New US battle guidelines partly designed to counter the military challenge from China are attracting strong criticism at home and abroad as unnecessarily provocative of one of America’s strongest economic partners.
The AirSea Battle fighting “concept” intends to maintain military dominance in strategically important areas as the US shifts its focus more towards Asia. It is being gradually disclosed by the Pentagon, which has viewed China’s military build-up in the past couple of decades with concern.
Yet as Washington struggles to strike the right balance between competition and co-operation in its relationship with Beijing and tries to cut military spending, there are warnings – even among military circles – that the new doctrine will aggravate relations with China unnecessarily.
“AirSea Battle is demonising China,” retired Gen James Cartwright, former vice-chairman of the joint chiefs of staff, said last week. “That’s not in anybody’s interest.”
The doctrine has powerful cold war echoes. Alarmed by the threat of Soviet troops over-running western Europe, American military planners developed a battle-fighting doctrine in the 1970s called AirLand Battle that became the basis for much of military policy in the later stages of the cold war, from new weapons to relationships with US allies.
AirSea Battle could have an equally important role to shape policy and strategy during the next two decades. Officials say it is meant to cement US alliances and to counter “anti-access, area-denial” weapons and capabilities that other countries have developed.
“This is probably the defining challenge today and, as we view it, in the near future,” Adm Jonathan Greenert, the navy chief, said last week in some of the first public comments on the subject by a senior Pentagon official.
Leon Panetta, defence secretary, will travel to Asia during the next week where he will be explaining the implications of the doctrine for US allies.
The battle guidelines attempt to address the big strategic themes now facing a military winding down from the Iraq and Afghanistan wars: the rise of Asia; the shift in focus to sea and air power that the vast Asia-Pacific region demands; and the potential importance of cyberwarfare.
AirSea Battle, however, is being developed in a very different context from its cold war cousin. Budgets will be much tighter in the coming years. And while the Soviet Union was a clear adversary which was economically isolated, the US and China have deep economic ties, from trade to Treasury bonds.
Amid such delicate politics, US officials insist publicly that AirSea Battle is not focused on one country or even one region, but on technologies being developed by a host of countries and potentially non-state actors. “This notion should not be hijacked by any particular scenario,” Gen Norton Schwartz, Air Force chief of staff, said last week when asked if China was the main target.
Yet privately officials acknowledge the Pentagon has been alarmed by China’s investments in precisely the “access-denial” weapons that AirSea Battle is designed to tackle, from ballistic missiles that can sink warships to submarines and Beijing’s emerging cyberwar capabilities.

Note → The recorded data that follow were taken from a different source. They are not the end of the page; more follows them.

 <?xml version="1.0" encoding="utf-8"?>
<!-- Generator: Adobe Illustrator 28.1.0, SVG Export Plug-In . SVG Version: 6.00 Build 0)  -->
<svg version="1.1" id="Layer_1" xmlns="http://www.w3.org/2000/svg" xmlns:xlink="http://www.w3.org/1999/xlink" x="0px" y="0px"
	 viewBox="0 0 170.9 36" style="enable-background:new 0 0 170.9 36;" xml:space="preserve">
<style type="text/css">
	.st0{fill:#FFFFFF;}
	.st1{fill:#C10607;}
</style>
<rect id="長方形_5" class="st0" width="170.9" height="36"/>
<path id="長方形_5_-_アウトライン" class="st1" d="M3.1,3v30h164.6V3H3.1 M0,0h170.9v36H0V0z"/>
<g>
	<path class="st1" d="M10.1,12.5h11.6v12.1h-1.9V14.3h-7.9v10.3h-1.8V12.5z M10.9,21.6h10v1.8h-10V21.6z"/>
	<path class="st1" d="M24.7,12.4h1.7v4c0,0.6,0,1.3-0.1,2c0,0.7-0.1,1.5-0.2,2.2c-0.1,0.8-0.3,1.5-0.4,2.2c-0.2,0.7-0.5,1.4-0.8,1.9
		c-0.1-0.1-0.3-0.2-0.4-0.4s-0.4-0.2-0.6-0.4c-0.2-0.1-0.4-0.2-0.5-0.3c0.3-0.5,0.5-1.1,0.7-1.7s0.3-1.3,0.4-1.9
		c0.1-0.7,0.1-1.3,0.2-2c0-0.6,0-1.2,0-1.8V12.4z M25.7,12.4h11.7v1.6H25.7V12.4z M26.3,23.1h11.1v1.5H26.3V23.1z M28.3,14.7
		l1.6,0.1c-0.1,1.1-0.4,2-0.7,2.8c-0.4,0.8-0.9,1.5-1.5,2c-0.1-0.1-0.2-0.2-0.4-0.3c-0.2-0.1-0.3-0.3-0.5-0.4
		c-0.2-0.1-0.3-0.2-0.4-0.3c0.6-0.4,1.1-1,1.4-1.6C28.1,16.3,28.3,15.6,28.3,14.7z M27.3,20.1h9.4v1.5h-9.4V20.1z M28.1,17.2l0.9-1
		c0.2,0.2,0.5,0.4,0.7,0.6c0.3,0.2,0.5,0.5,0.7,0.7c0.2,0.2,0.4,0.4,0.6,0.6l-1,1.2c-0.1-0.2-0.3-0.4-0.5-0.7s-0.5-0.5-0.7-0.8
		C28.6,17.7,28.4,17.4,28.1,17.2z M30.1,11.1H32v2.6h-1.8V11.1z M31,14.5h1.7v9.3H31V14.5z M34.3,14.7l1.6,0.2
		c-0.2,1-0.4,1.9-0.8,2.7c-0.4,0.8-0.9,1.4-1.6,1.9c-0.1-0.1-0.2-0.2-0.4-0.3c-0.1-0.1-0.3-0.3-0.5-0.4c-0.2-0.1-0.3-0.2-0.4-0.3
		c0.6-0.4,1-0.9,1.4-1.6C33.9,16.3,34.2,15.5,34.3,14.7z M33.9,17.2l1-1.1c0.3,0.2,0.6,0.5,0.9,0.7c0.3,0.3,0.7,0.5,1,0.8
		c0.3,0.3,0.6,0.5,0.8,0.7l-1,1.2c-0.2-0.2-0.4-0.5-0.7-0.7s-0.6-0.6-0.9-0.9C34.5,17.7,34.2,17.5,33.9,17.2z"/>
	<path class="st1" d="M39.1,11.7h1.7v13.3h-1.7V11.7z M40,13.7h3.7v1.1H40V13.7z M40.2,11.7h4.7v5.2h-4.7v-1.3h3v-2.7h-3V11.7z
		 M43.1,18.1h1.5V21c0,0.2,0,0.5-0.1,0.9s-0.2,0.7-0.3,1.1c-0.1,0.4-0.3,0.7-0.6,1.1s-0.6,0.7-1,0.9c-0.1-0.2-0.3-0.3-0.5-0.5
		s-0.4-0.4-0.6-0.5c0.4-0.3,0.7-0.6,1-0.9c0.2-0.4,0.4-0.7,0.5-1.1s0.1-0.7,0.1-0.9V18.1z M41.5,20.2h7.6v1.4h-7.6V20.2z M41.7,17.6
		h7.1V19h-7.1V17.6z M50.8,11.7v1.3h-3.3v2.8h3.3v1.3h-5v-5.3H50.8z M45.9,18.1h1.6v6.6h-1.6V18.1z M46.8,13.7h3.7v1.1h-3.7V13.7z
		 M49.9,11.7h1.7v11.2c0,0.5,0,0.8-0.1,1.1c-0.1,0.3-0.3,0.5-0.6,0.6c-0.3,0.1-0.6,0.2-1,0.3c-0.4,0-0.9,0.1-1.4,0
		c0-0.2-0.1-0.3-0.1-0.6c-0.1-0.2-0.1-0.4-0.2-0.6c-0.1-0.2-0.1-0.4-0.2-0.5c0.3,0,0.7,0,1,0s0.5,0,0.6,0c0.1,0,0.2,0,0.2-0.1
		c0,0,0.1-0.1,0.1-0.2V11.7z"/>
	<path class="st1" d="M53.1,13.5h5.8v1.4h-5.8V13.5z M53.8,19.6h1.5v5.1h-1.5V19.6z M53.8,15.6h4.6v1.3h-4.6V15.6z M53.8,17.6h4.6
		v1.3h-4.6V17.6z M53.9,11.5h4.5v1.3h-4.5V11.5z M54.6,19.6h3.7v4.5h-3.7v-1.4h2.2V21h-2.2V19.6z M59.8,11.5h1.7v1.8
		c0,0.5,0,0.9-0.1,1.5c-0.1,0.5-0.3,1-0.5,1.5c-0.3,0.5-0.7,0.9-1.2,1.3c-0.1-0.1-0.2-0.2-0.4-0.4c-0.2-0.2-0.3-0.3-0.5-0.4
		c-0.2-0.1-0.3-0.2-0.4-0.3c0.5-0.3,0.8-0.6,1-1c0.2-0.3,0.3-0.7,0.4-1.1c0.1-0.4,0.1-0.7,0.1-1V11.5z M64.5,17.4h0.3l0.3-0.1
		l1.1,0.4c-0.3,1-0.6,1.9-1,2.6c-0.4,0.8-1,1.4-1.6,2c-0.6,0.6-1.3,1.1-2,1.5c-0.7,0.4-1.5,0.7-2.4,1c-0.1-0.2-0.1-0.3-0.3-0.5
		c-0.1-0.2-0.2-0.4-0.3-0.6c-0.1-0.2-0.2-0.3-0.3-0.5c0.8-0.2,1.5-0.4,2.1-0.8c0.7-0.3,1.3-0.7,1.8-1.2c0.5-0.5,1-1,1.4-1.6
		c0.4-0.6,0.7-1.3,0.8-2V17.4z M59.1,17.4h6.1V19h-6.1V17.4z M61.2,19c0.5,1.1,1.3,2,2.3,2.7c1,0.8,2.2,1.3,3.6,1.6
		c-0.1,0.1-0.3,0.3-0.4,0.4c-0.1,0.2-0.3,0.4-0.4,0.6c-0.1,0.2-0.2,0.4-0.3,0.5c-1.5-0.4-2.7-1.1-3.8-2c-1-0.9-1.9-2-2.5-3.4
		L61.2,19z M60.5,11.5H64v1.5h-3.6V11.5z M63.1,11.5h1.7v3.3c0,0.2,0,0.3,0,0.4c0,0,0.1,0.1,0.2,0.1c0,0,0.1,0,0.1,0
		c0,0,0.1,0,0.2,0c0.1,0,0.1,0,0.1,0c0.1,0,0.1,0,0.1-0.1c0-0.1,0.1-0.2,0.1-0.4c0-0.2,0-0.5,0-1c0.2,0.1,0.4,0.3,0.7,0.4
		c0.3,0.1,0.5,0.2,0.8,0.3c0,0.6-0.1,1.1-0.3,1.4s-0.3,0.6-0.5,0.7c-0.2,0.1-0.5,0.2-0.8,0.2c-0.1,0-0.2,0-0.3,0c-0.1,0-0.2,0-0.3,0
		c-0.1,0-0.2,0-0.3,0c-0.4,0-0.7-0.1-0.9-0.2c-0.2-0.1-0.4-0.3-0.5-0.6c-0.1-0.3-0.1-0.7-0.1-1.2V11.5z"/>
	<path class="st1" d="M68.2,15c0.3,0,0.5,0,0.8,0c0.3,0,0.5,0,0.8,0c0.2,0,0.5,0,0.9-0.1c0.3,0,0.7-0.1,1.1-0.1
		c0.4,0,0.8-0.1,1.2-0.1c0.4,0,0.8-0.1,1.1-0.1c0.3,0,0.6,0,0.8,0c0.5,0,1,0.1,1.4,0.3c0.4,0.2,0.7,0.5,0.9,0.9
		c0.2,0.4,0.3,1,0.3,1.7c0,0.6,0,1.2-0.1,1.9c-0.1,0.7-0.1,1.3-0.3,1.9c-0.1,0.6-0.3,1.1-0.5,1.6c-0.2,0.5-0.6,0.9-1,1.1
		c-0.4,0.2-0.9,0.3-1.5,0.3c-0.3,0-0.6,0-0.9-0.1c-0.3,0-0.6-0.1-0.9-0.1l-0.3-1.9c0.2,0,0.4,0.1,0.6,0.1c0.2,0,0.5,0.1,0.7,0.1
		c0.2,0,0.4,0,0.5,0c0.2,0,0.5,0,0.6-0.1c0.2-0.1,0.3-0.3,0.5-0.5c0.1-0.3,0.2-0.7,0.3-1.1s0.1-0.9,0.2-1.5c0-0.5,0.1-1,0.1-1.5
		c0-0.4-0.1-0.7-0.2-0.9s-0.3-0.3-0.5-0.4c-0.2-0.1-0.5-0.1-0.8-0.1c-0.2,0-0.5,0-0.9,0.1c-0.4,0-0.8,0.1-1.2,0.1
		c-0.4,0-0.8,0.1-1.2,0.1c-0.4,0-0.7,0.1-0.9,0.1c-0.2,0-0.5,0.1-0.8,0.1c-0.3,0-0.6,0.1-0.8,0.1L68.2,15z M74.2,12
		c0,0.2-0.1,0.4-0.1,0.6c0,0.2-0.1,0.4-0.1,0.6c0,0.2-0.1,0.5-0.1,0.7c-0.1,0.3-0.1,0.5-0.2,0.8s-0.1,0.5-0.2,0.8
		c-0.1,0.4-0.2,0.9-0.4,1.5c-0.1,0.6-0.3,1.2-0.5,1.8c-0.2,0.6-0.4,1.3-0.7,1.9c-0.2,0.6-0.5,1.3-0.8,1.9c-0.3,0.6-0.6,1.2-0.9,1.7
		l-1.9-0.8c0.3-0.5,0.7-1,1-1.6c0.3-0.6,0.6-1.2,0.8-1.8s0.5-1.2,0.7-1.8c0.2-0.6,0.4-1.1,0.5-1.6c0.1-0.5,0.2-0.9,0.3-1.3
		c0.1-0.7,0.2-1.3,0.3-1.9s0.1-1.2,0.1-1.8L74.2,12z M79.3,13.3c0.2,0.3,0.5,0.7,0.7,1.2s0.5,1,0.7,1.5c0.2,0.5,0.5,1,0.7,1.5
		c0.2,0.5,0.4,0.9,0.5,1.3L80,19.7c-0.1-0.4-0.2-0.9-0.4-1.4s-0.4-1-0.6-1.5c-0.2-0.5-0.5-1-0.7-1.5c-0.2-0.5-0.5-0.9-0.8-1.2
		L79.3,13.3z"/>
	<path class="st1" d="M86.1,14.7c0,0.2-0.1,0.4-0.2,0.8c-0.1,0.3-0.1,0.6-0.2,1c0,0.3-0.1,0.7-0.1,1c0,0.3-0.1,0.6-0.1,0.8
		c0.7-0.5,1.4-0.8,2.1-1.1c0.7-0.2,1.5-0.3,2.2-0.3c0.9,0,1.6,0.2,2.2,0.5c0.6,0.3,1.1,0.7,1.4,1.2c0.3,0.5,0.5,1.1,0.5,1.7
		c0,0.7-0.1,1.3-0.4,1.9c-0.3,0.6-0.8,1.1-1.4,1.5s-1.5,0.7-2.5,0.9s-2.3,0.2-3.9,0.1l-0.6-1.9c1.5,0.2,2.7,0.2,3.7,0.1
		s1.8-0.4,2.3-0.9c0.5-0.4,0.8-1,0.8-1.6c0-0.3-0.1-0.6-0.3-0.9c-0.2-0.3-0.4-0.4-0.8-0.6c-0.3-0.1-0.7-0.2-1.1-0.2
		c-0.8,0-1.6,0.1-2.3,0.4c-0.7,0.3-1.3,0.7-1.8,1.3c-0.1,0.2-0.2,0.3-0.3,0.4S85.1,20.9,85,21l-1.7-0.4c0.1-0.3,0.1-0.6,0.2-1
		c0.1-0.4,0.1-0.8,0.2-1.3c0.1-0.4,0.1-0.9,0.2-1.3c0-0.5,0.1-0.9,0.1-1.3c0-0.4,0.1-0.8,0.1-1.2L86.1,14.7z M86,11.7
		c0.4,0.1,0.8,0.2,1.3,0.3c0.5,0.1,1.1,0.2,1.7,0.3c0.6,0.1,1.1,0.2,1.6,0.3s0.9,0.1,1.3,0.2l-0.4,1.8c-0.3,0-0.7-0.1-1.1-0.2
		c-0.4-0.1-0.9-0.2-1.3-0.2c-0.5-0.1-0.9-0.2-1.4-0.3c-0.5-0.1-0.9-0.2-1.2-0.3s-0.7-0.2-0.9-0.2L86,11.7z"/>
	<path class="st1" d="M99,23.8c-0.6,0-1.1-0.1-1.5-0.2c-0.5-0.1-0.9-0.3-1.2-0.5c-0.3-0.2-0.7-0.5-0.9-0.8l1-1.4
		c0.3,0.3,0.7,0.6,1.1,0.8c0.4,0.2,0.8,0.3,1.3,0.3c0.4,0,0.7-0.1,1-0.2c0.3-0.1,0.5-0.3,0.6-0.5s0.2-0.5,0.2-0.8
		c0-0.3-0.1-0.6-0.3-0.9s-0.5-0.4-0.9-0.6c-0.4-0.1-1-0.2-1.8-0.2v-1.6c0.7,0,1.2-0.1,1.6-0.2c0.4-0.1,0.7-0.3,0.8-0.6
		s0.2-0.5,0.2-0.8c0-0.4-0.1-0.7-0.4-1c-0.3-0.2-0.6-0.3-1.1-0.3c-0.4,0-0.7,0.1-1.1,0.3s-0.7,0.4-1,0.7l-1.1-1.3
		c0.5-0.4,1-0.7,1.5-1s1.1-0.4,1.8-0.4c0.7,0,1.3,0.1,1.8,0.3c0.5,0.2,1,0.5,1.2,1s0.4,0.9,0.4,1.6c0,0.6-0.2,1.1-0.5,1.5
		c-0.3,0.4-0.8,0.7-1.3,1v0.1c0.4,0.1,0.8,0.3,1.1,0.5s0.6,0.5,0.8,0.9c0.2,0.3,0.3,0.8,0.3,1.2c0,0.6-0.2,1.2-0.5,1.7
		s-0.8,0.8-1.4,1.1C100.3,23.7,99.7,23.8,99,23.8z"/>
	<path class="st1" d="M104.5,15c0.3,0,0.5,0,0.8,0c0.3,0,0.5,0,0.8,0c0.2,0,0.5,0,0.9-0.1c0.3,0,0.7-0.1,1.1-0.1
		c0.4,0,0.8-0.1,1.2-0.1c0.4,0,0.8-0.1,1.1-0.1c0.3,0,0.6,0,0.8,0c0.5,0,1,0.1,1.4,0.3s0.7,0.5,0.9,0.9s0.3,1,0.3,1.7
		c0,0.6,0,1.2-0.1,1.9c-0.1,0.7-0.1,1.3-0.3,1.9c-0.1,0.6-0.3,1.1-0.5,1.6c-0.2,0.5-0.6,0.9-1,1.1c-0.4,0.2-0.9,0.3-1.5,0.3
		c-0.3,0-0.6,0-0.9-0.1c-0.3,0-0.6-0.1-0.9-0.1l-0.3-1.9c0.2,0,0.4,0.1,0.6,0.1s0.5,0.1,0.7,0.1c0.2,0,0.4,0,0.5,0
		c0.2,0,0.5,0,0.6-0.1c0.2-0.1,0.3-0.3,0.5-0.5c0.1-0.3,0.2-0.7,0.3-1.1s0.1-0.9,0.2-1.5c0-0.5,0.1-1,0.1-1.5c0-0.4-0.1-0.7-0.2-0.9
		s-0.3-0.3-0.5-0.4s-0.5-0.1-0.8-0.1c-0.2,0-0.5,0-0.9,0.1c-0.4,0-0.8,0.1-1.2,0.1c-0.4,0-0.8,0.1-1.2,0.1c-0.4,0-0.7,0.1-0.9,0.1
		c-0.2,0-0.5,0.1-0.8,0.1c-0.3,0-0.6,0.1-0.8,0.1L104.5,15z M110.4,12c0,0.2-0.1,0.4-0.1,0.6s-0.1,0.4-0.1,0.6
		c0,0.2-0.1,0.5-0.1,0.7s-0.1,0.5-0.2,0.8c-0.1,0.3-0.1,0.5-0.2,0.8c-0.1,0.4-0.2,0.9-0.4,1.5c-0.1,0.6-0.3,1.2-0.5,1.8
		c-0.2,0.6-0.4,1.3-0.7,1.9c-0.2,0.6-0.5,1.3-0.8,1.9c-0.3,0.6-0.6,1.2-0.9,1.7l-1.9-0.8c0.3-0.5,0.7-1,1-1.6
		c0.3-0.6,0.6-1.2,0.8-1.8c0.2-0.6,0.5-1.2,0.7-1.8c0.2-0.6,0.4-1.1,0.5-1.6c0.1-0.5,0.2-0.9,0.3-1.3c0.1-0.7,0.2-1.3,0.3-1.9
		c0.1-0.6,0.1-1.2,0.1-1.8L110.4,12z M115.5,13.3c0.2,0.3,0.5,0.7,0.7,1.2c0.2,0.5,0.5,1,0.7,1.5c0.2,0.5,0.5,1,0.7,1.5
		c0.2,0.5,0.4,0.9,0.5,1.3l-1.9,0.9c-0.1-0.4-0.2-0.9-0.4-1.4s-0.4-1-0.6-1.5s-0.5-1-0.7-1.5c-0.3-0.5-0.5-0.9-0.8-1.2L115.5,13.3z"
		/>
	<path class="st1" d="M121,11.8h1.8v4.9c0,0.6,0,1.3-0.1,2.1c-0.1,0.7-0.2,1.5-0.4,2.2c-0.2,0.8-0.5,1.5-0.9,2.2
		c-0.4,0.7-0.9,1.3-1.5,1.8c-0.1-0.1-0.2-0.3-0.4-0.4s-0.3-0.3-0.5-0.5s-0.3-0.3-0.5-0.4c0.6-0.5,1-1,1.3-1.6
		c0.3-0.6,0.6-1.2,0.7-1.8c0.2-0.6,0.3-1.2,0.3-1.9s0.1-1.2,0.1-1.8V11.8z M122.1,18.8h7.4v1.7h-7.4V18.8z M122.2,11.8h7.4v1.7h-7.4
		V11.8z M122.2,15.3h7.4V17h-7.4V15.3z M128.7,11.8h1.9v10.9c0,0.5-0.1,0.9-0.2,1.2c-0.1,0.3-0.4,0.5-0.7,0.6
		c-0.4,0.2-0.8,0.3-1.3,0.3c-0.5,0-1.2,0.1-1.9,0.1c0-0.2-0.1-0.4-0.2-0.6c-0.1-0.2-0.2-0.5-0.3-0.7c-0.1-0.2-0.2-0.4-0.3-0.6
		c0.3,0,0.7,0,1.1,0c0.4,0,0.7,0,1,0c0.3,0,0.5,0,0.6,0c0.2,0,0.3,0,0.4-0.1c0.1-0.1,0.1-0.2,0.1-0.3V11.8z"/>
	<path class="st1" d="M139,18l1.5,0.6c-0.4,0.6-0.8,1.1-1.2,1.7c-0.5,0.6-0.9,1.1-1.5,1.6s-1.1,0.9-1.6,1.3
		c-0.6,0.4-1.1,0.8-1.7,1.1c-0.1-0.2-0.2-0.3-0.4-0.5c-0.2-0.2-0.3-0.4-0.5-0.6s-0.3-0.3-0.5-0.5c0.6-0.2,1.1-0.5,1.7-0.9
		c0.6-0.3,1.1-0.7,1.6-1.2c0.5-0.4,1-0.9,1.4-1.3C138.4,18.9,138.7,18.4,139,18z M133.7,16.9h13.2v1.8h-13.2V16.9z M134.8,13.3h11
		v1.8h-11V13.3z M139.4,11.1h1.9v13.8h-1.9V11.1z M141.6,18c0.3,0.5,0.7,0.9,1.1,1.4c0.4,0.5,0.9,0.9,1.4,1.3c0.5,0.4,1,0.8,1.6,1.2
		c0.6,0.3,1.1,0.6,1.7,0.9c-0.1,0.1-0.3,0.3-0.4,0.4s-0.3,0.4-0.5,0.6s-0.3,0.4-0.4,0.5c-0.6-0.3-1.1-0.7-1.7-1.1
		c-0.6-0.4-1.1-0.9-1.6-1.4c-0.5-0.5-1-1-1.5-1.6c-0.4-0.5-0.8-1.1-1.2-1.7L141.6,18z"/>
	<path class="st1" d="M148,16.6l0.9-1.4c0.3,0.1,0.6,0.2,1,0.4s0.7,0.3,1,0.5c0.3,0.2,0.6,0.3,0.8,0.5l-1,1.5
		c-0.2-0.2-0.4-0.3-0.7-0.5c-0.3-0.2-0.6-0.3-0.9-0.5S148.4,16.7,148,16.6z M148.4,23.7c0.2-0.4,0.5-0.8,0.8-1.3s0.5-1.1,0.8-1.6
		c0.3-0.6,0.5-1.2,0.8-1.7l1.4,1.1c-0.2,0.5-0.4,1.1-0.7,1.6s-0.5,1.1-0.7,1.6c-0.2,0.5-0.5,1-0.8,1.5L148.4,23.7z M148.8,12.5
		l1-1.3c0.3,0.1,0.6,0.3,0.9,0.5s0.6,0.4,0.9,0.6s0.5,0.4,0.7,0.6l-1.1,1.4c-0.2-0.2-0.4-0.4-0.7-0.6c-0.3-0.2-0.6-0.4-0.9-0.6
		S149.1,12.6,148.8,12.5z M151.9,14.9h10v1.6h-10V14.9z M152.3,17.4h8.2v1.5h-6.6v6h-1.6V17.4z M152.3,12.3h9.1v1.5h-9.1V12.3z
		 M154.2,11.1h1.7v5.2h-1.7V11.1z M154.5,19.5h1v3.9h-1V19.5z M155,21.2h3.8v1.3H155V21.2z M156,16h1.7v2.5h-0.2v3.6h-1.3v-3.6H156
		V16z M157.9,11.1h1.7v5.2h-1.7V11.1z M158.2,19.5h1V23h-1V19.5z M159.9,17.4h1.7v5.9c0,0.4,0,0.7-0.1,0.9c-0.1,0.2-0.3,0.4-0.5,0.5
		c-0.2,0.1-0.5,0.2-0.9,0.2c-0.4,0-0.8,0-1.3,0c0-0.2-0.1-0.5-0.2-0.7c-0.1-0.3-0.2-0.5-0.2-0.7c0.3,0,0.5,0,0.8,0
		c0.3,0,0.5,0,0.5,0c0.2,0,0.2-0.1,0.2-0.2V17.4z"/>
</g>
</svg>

The Pentagon has also made no secret of its view that Asia is now a central priority of its long-term strategy. “One of the key projects that your generation will have to face is sustaining and enhancing American strength across the great maritime region of the Pacific,” Mr Panetta told graduates of US Naval Academy at Annapolis this week.
For some observers, AirSea Battle will push the US into dangerously provocative war planning against China. One of the documents the Pentagon has published, called the Joint Operational Access Concept, recommends that in the event of any conflict, the US “attack enemy anti-access/area-denial defences in depth”. In the case of China’s anti-ship missiles, that would mean preparing for a large pre-emptive strike on military bases in mainland China.
“The big risk is that such an attack would lead to a very dramatic escalation and China might even think it was an attempt to take out its nuclear capability,” says Raoul Heinrichs at Australian National University.
The guidelines are also being introduced in an era of budget cuts. The Pentagon has already reduced its budget by $485bn over the next decade and could be forced to cut by a similar amount under a budget agreement in Congress. But AirSea Battle will require huge investments in a long-distance bombers, submarines and in cyber capabilities, which will mean bigger cuts in other programmes or reduced spending on health and benefits.
“For about the last 12 years, if you wanted something, we basically could afford it,” said Lt Gen George Flynn, one of the Pentagon’s senior planning officials. “The new fiscal reality is going to require us to make choices.”